Penney’s is now calling for an adjusted loss of 40 to 45 cents per share in the third quarter, compared with analysts’ average estimate of 18 cents, according to Thomson Reuters.
The retailer expects full-year same-store sales, a key metric monitored by investors, to be flat at best. Previously, Penney’s had forecast comps climbing as much as 1 percent.
The department store chain has also cut back its full-year profit forecast, now calling for adjusted earnings of 2 to 8 cents per share, down from 40 to 65 cents.
In a push to grow sales, Penney’s said it’s been focused on the women’s apparel category, adding more “casual and contemporary” options. But competition for female shoppers’ dollars stems from an increasing number of players, including Lululemon, TJ Maxx, Gap, Nike and even Amazon.

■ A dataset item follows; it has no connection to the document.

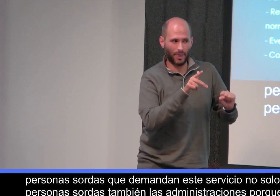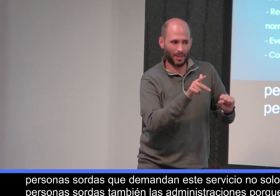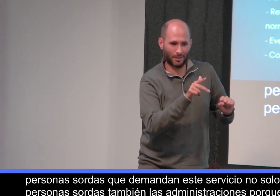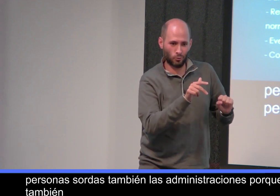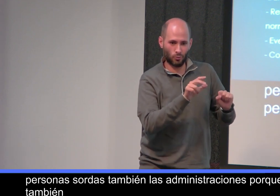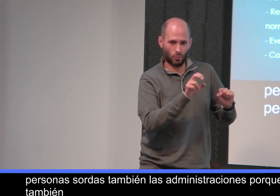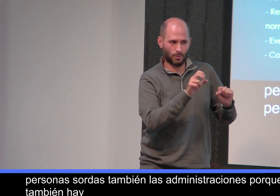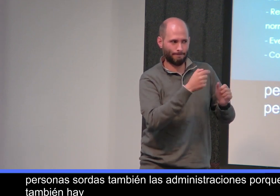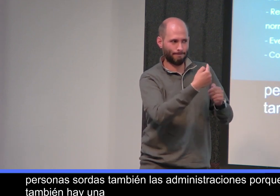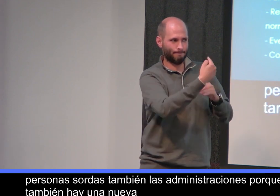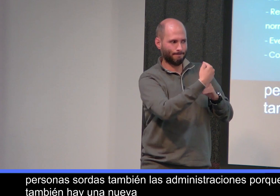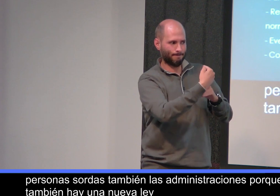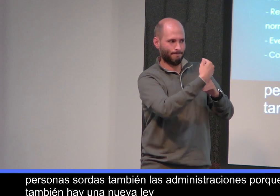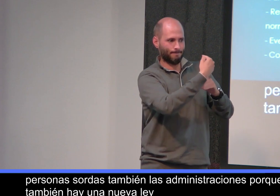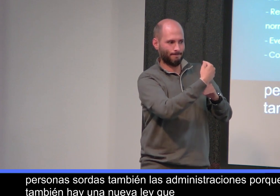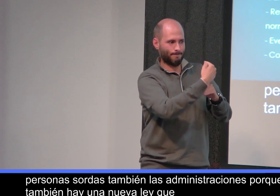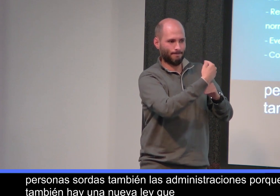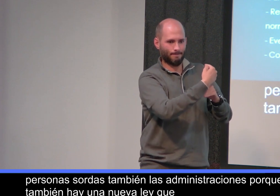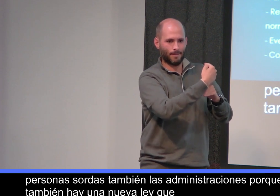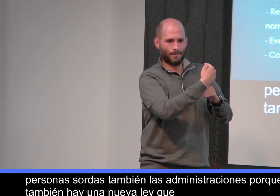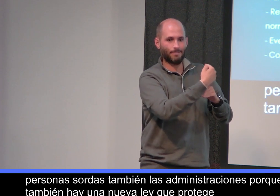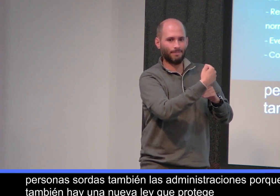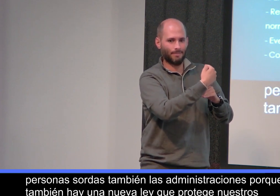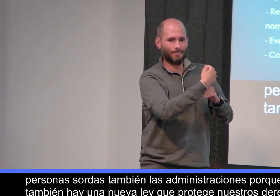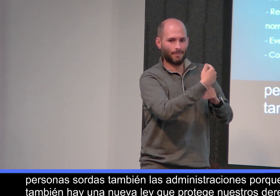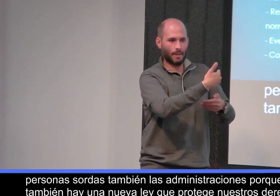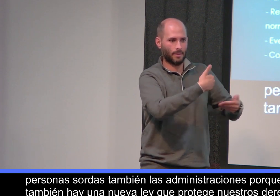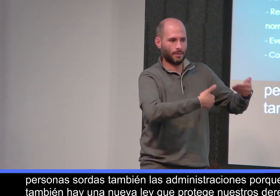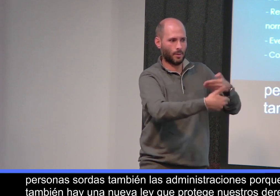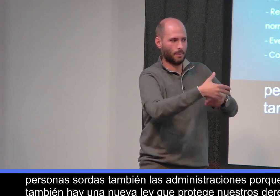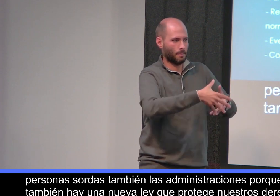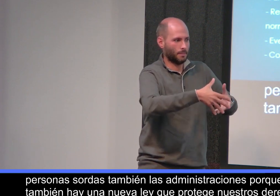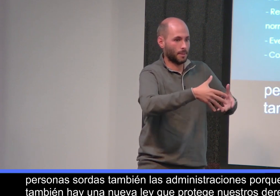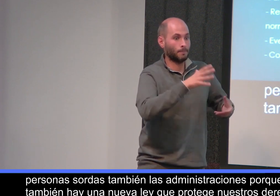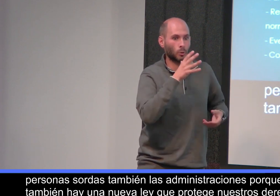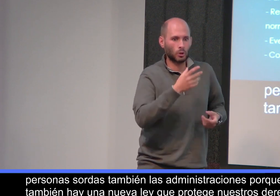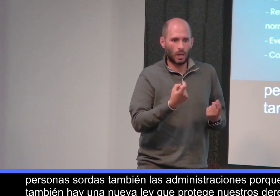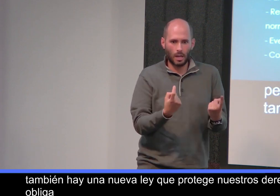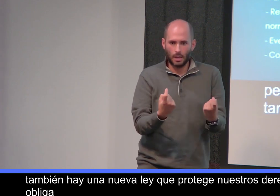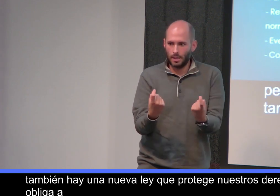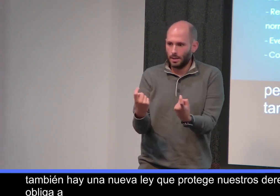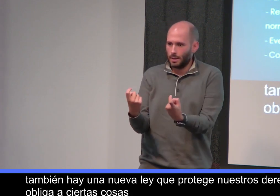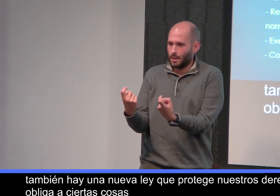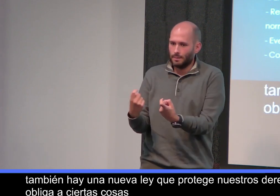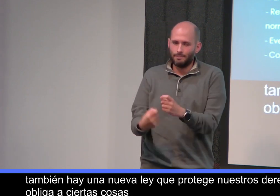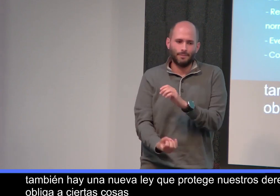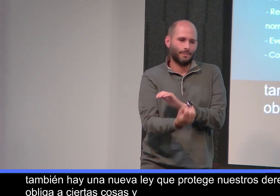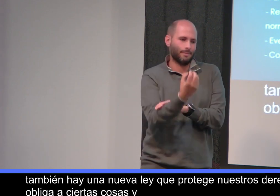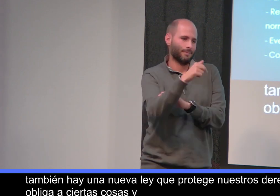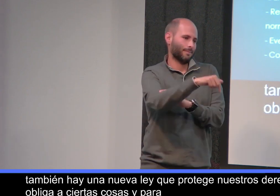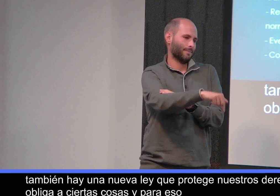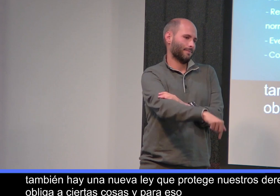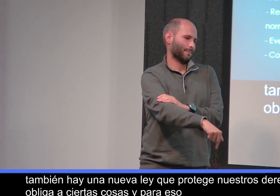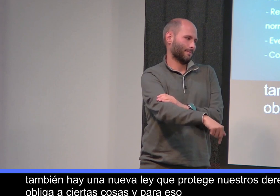una nueva ley que protege nuestros derechos, que obliga a ciertas cosas. Y para eso es necesario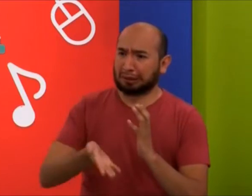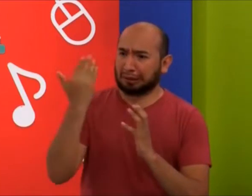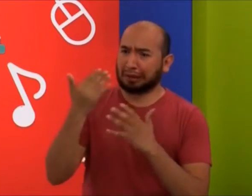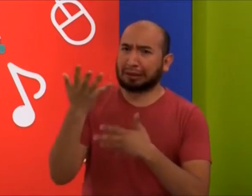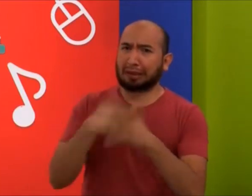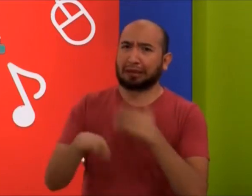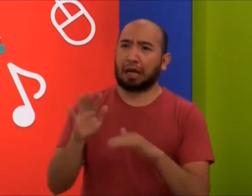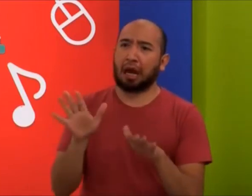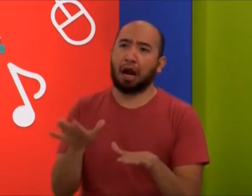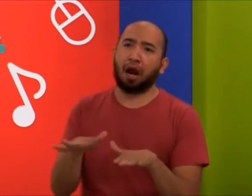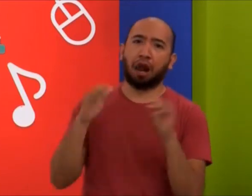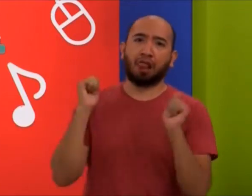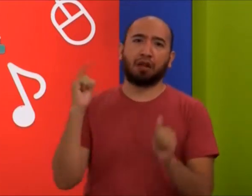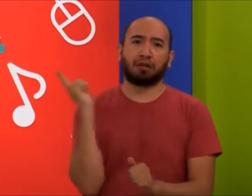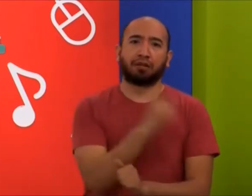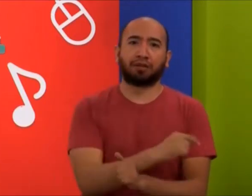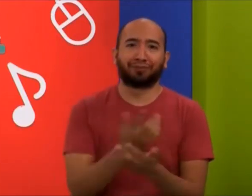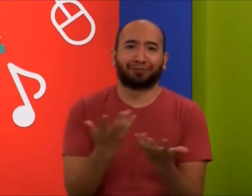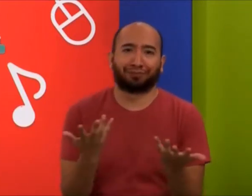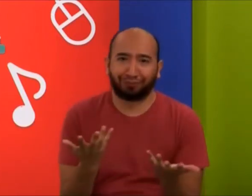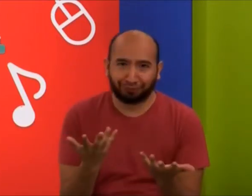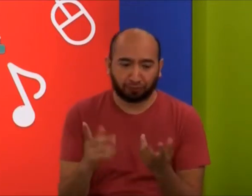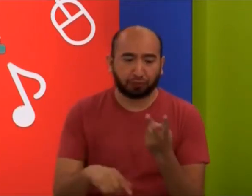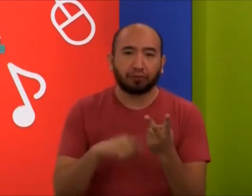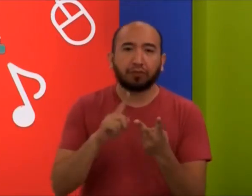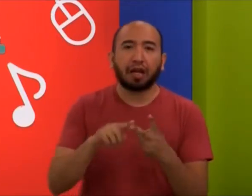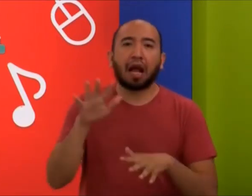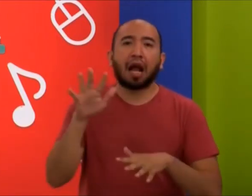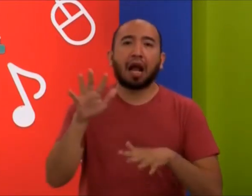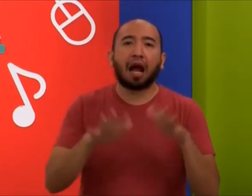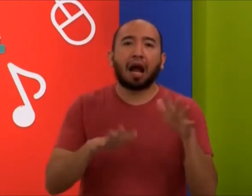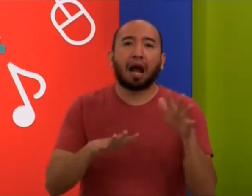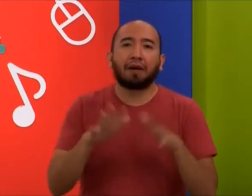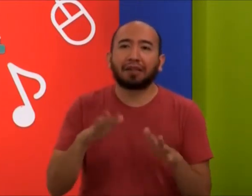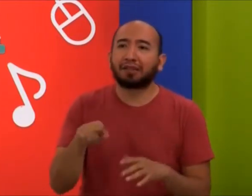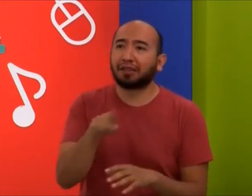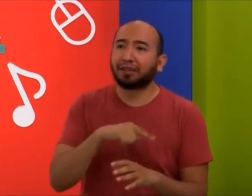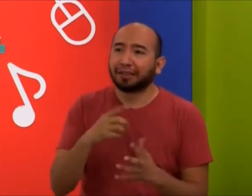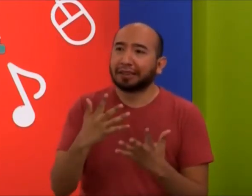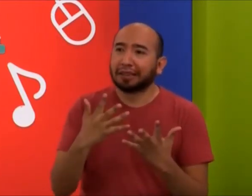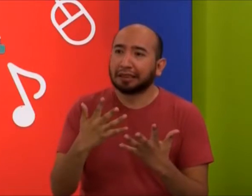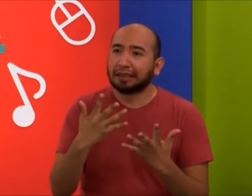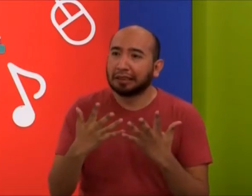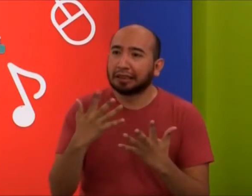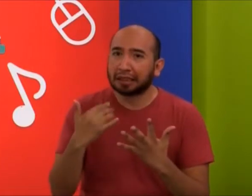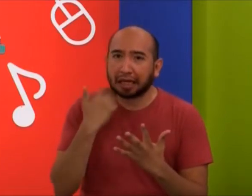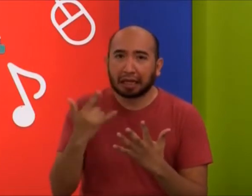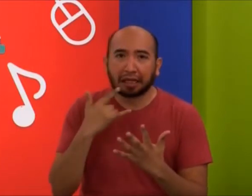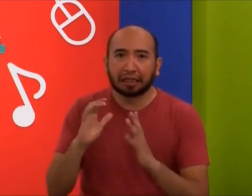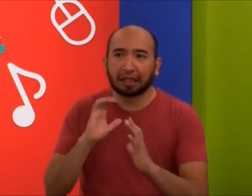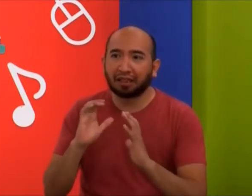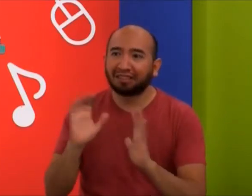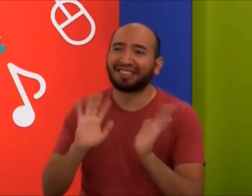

In turn, Penney’s has also worked on beefing up other divisions, like those for makeup and appliances.
“While we acknowledge the positive work JCP is doing to become less apparel reliant (with initiatives like the expansion of home, appliances, beauty, and salon) the sector faces intense secular headwinds as mall traffic wanes and the shift to e-comm should also continue to weigh on profitability,” Jefferies analyst Randal Konik wrote in a note to clients.
“We continue to see branded retail as more resilient from secular headwinds, as they can better fend off promo pressures and will be destinations for the consumer,” Konik added.
Ellison, at the helm of Penney’s, said the company needed a refresh.
“Although these actions will create a short-term negative impact to cost of goods sold and earnings, long term, we firmly believe it was the right decision for the Company as we transition into the fourth quarter and fiscal 2018,” he explained.
Moving forward, Penney’s Chief Financial Officer Jeffrey Davis will look over the company’s pricing and planning policies, “to streamline … pricing, promotion and markdown strategies.”
Heading into the holidays, and a warmer winter at that, retailers’ ability to perform is being called into question.
“We read this pre-announce as negative for traditional department stores such M, KSS, JWN,” Evercore ISI analyst Omar Saad wrote in a Friday note to clients.
“While management did not specifically call out weather in the quarter, we think the warm weather over the past two months also adds increased risk to comp and/or gross margins in September / October for the traditional retailers,” Saad added.
J.C. Penney is set to report third-quarter earnings on Nov. 10.